EXERCISE AIM:
What you return must be every line below that includes the word "mask".
*** Begin section ***
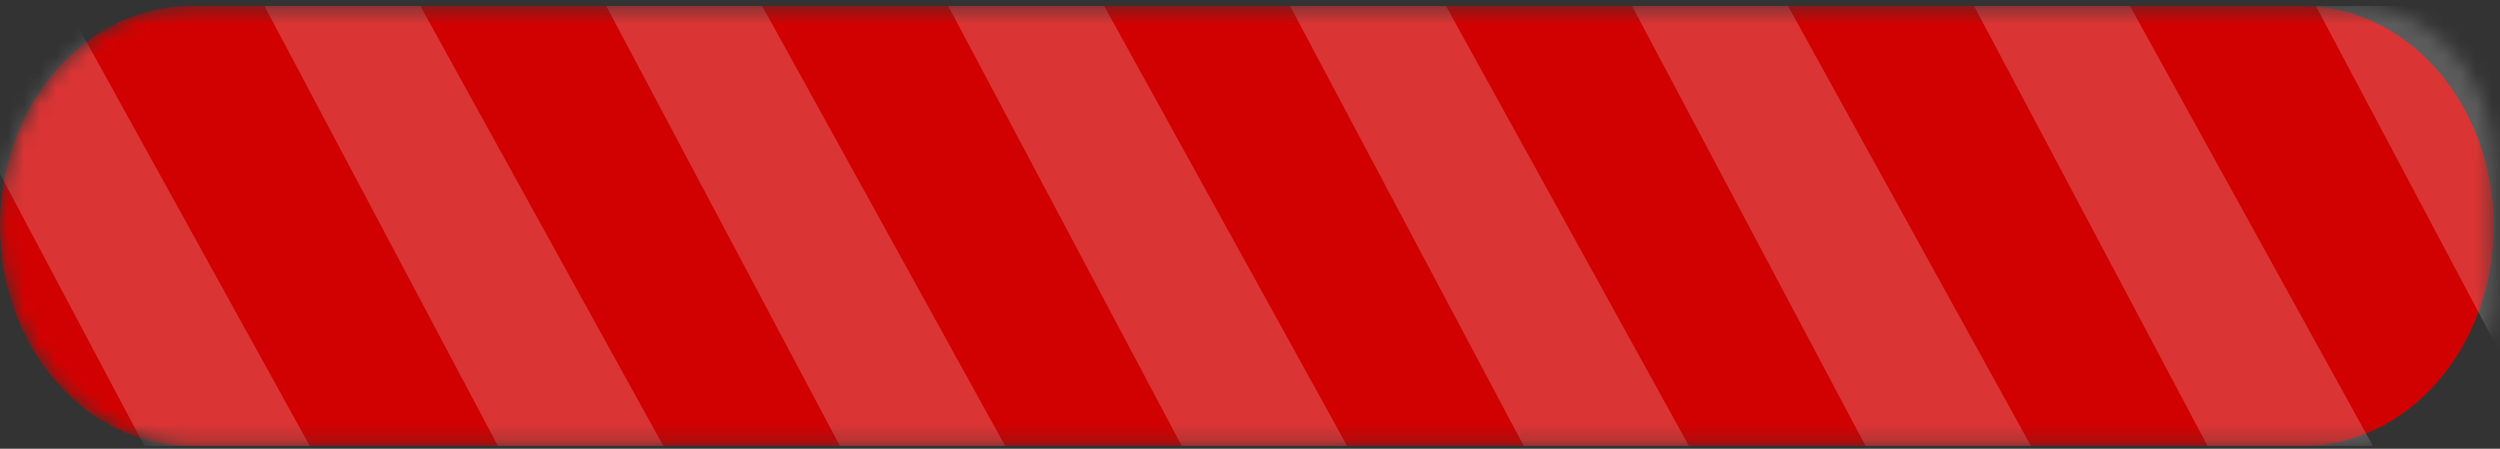 <svg width="156" height="28" viewBox="0 0 156 28" fill="none" xmlns="http://www.w3.org/2000/svg">
  <rect x="0" y="0" width="156" height="28" fill="#333333" stroke="none"/>
  <mask id="mask0_7_485" style="mask-type:luminance" maskUnits="userSpaceOnUse" x="0" y="0" width="156" height="28">
    <path d="M147.05 27.825H11.94C5.34 27.825 0 21.684 0 14.105C0 6.515 5.34 0.373 11.94 0.373H147.06C151.78 0.373 155.61 4.778 155.61 10.206V17.992C155.61 23.42 151.78 27.825 147.06 27.825H147.05Z" fill="white"/>
  </mask>
  <g mask="url(#mask0_7_485)">
    <path d="M143.67 27.825H11.94C5.34 27.825 0 21.684 0 14.105C0 6.515 5.34 0.373 11.94 0.373H143.67C150.26 0.373 155.61 6.515 155.61 14.105C155.61 21.684 150.27 27.836 143.67 27.836V27.825Z" fill="#D20101"/>
    <g opacity="0.2">
      <path d="M16.5 0.373L31.07 27.825H41.39L26.23 0.373H16.5Z" fill="white"/>
    </g>
    <g opacity="0.2">
      <path d="M-5.56 0.373L9.01 27.825H19.33L4.16 0.373H-5.56Z" fill="white"/>
    </g>
    <g opacity="0.2">
      <path d="M37.83 0.373L52.41 27.825H62.72L47.56 0.373H37.83Z" fill="white"/>
    </g>
    <g opacity="0.2">
      <path d="M59.17 0.373L73.74 27.825H84.06L68.9 0.373H59.17Z" fill="white"/>
    </g>
    <g opacity="0.2">
      <path d="M80.5 0.373L95.08 27.825H105.39L90.23 0.373H80.5Z" fill="white"/>
    </g>
    <g opacity="0.2">
      <path d="M101.84 0.373L116.41 27.825H126.73L111.57 0.373H101.84Z" fill="white"/>
    </g>
    <g opacity="0.2">
      <path d="M123.18 0.373L137.75 27.825H148.07L132.91 0.373H123.18Z" fill="white"/>
    </g>
    <g opacity="0.2">
      <path d="M144.51 0.373L159.09 27.825H169.4L154.24 0.373H144.51Z" fill="white"/>
    </g>
  </g>
</svg>
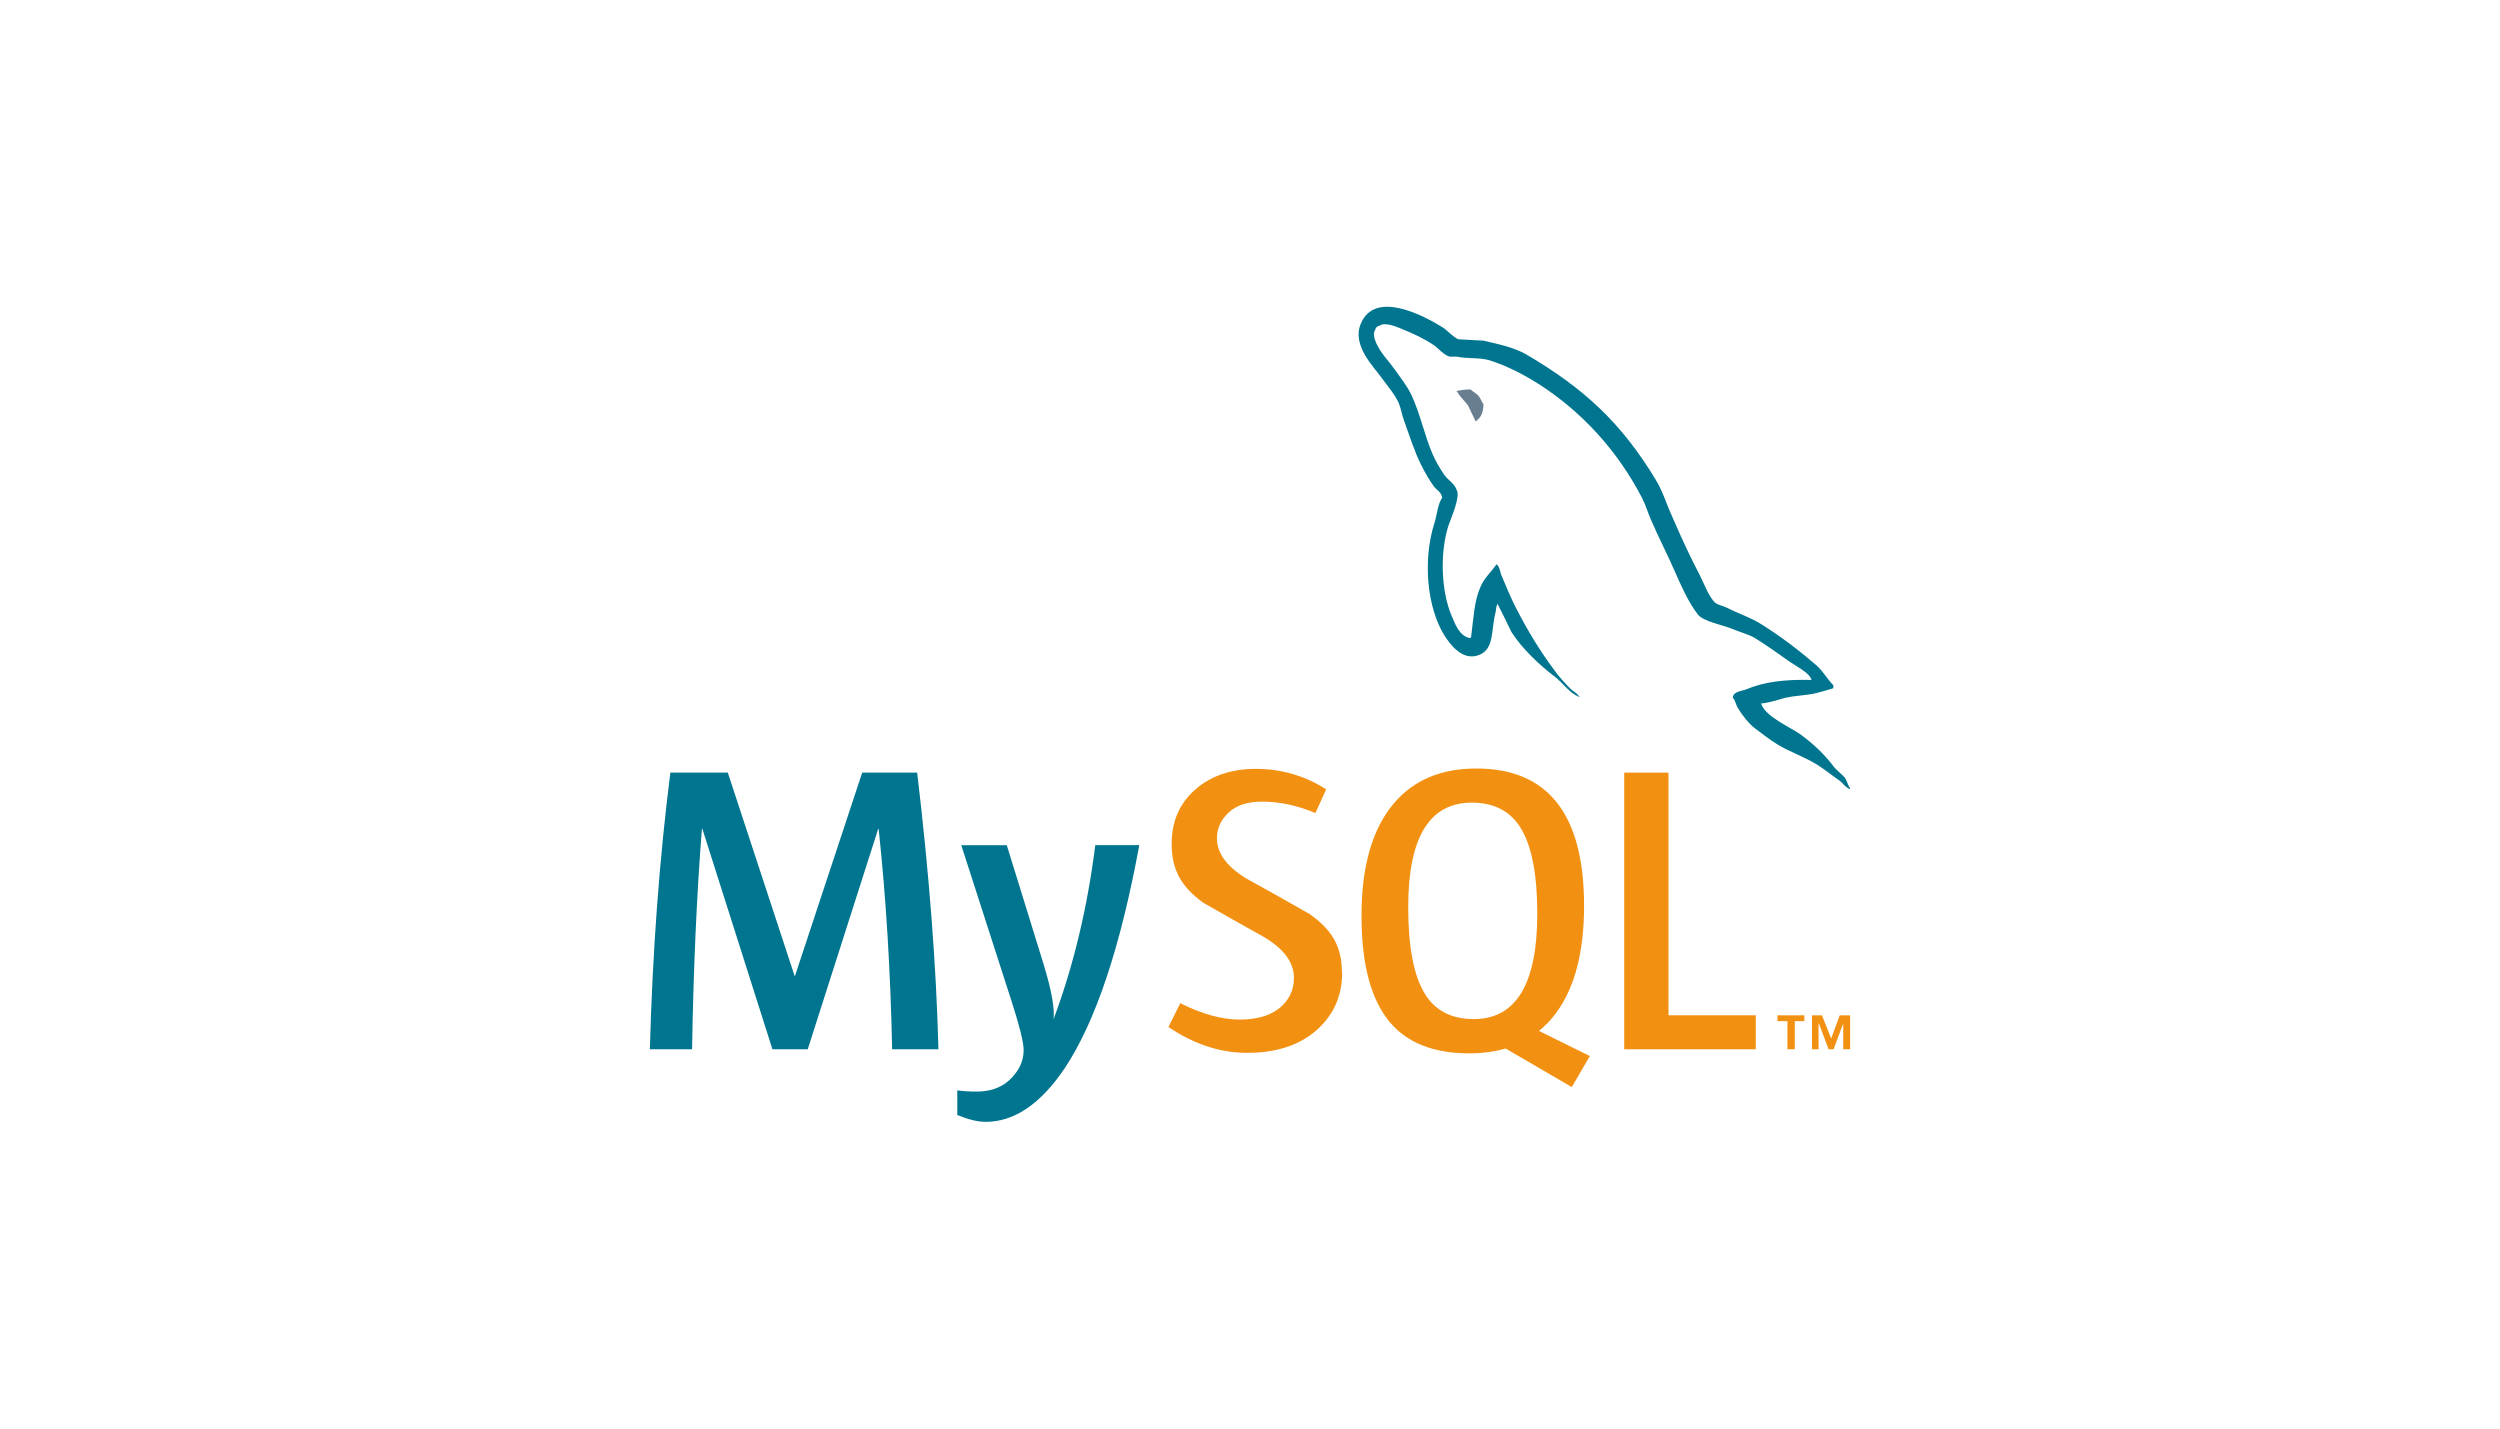 <svg xmlns="http://www.w3.org/2000/svg" id="Layer_19" viewBox="0 0 350 200"><defs><style>.cls-1,.cls-2{fill:#00758f;}.cls-3,.cls-4{fill:#f29111;}.cls-5{fill:#687e91;}.cls-5,.cls-4,.cls-2{fill-rule:evenodd;}</style></defs><path class="cls-1" d="M131.38,146.9h-6.48c-.23-10.94-.86-21.23-1.89-30.87h-.06l-9.87,30.87h-4.94l-9.81-30.87h-.06c-.73,9.26-1.19,19.55-1.38,30.87h-5.91c.38-13.77,1.34-26.68,2.87-38.74h8.04l9.35,28.46h.06l9.41-28.46h7.69c1.68,14.12,2.68,27.03,2.98,38.74"></path><path class="cls-1" d="M159.5,118.32c-2.64,14.32-6.12,24.73-10.44,31.23-3.37,5-7.06,7.51-11.08,7.51-1.07,0-2.39-.32-3.96-.96v-3.45c.77,.11,1.66,.17,2.7,.17,1.87,0,3.38-.52,4.53-1.55,1.38-1.26,2.06-2.68,2.06-4.25,0-1.07-.54-3.27-1.61-6.6l-7.12-22.09h6.37l5.11,16.52c1.15,3.75,1.63,6.37,1.43,7.86,2.79-7.46,4.74-15.59,5.85-24.39h6.14Z"></path><polygon class="cls-3" points="245.81 146.9 227.39 146.9 227.39 108.17 233.59 108.17 233.59 142.14 245.81 142.14 245.81 146.9"></polygon><path class="cls-4" d="M222.57,147.84l-7.12-3.51c.63-.52,1.24-1.08,1.78-1.73,3.02-3.55,4.54-8.81,4.54-15.78,0-12.81-5.03-19.23-15.09-19.23-4.93,0-8.78,1.62-11.54,4.88-3.02,3.56-4.53,8.8-4.53,15.72s1.34,11.8,4.02,14.98c2.45,2.87,6.14,4.3,11.08,4.3,1.84,0,3.53-.23,5.07-.68l9.27,5.4,2.53-4.35Zm-23.07-8.68c-1.57-2.52-2.35-6.58-2.35-12.16,0-9.75,2.97-14.63,8.89-14.63,3.1,0,5.37,1.17,6.83,3.5,1.57,2.53,2.35,6.54,2.35,12.05,0,9.83-2.97,14.75-8.89,14.75-3.1,0-5.37-1.16-6.83-3.5"></path><path class="cls-3" d="M187.9,136.16c0,3.29-1.21,5.98-3.61,8.09-2.41,2.1-5.64,3.15-9.69,3.15-3.79,0-7.46-1.21-11.02-3.62l1.66-3.33c3.06,1.53,5.83,2.29,8.32,2.29,2.33,0,4.16-.52,5.48-1.54,1.32-1.03,2.11-2.47,2.11-4.3,0-2.3-1.6-4.27-4.55-5.92-2.72-1.49-8.15-4.6-8.15-4.6-2.94-2.15-4.42-4.45-4.42-8.24,0-3.14,1.1-5.67,3.3-7.6,2.2-1.93,5.04-2.9,8.52-2.9s6.87,.96,9.81,2.87l-1.5,3.32c-2.52-1.07-5-1.6-7.46-1.6-1.99,0-3.52,.48-4.59,1.44-1.07,.95-1.74,2.18-1.74,3.67,0,2.29,1.64,4.28,4.66,5.96,2.75,1.49,8.31,4.66,8.31,4.66,3.03,2.14,4.53,4.43,4.53,8.19"></path><path class="cls-2" d="M253.58,95.19c-3.75-.09-6.65,.28-9.08,1.31-.7,.28-1.82,.28-1.92,1.17,.38,.37,.42,.98,.75,1.5,.56,.94,1.54,2.2,2.43,2.85,.98,.75,1.97,1.5,3,2.15,1.82,1.13,3.88,1.78,5.66,2.9,1.03,.65,2.06,1.5,3.09,2.2,.51,.37,.84,.98,1.5,1.21v-.14c-.33-.42-.42-1.03-.75-1.5-.47-.46-.94-.89-1.41-1.35-1.36-1.83-3.04-3.42-4.87-4.73-1.5-1.03-4.78-2.44-5.38-4.16,0,0-.05-.05-.09-.1,1.03-.09,2.25-.47,3.23-.75,1.59-.42,3.04-.33,4.68-.75,.75-.19,1.5-.42,2.25-.65v-.42c-.85-.84-1.45-1.97-2.34-2.76-2.38-2.06-5.01-4.07-7.72-5.76-1.45-.94-3.33-1.54-4.87-2.34-.56-.28-1.49-.42-1.82-.89-.84-1.03-1.31-2.38-1.92-3.6-1.36-2.57-2.67-5.42-3.84-8.14-.84-1.82-1.36-3.65-2.39-5.33-4.82-7.96-10.06-12.78-18.11-17.5-1.73-.98-3.79-1.41-5.99-1.92-1.17-.05-2.34-.14-3.51-.19-.75-.33-1.5-1.22-2.15-1.64-2.67-1.68-9.55-5.33-11.51-.51-1.26,3.04,1.87,6.04,2.95,7.58,.79,1.08,1.83,2.29,2.38,3.51,.33,.8,.42,1.64,.75,2.48,.75,2.06,1.45,4.35,2.43,6.27,.51,.98,1.07,2.01,1.73,2.9,.38,.52,1.03,.75,1.17,1.59-.65,.93-.7,2.34-1.08,3.51-1.68,5.29-1.03,11.84,1.36,15.73,.75,1.17,2.53,3.75,4.92,2.76,2.11-.84,1.64-3.51,2.25-5.85,.14-.57,.05-.94,.33-1.31v.09c.65,1.31,1.31,2.57,1.92,3.88,1.45,2.29,3.98,4.68,6.09,6.27,1.12,.85,2.01,2.29,3.41,2.81v-.14h-.09c-.28-.42-.7-.61-1.08-.93-.84-.84-1.78-1.87-2.43-2.81-1.96-2.62-3.7-5.52-5.24-8.52-.75-1.45-1.4-3.04-2.01-4.49-.28-.56-.28-1.4-.75-1.68-.7,1.03-1.73,1.92-2.25,3.18-.89,2.01-.98,4.5-1.31,7.07-.19,.05-.09,0-.19,.09-1.5-.37-2.01-1.92-2.57-3.22-1.4-3.33-1.64-8.66-.42-12.5,.33-.98,1.73-4.07,1.17-5.01-.28-.89-1.22-1.4-1.73-2.11-.61-.89-1.27-2.01-1.68-3-1.12-2.62-1.69-5.52-2.9-8.14-.56-1.22-1.55-2.48-2.34-3.6-.89-1.26-1.87-2.15-2.58-3.65-.23-.52-.56-1.36-.19-1.92,.09-.37,.28-.52,.66-.61,.61-.51,2.34,.14,2.95,.42,1.73,.7,3.18,1.36,4.63,2.34,.66,.47,1.36,1.36,2.2,1.59h.98c1.5,.32,3.18,.09,4.59,.51,2.48,.79,4.72,1.97,6.74,3.23,6.13,3.89,11.18,9.41,14.6,16.01,.56,1.07,.8,2.06,1.31,3.18,.98,2.3,2.2,4.64,3.18,6.88,.98,2.2,1.92,4.44,3.33,6.27,.7,.98,3.51,1.5,4.77,2.01,.93,.42,2.39,.79,3.23,1.31,1.59,.98,3.18,2.11,4.68,3.18,.75,.56,3.09,1.73,3.23,2.67"></path><path class="cls-3" d="M258.05,146.9h.97v-4.75h-1.46l-1.19,3.24-1.29-3.24h-1.4v4.75h.92v-3.61h.05l1.35,3.61h.7l1.35-3.61v3.61Zm-7.81,0h1.03v-3.94h1.34v-.81h-3.77v.81h1.4v3.94Z"></path><path class="cls-5" d="M205.85,54.52c-.79,0-1.35,.1-1.92,.23v.09h.09c.38,.75,1.03,1.27,1.5,1.92,.38,.75,.7,1.5,1.08,2.24,.05-.05,.09-.09,.09-.09,.66-.47,.99-1.21,.99-2.34-.28-.33-.33-.65-.56-.98-.28-.47-.89-.7-1.26-1.08"></path></svg>
*** End section ***
SOLVED EXERCISE:
  <mask id="mask0_7_485" style="mask-type:luminance" maskUnits="userSpaceOnUse" x="0" y="0" width="156" height="28">
  </mask>
  <g mask="url(#mask0_7_485)">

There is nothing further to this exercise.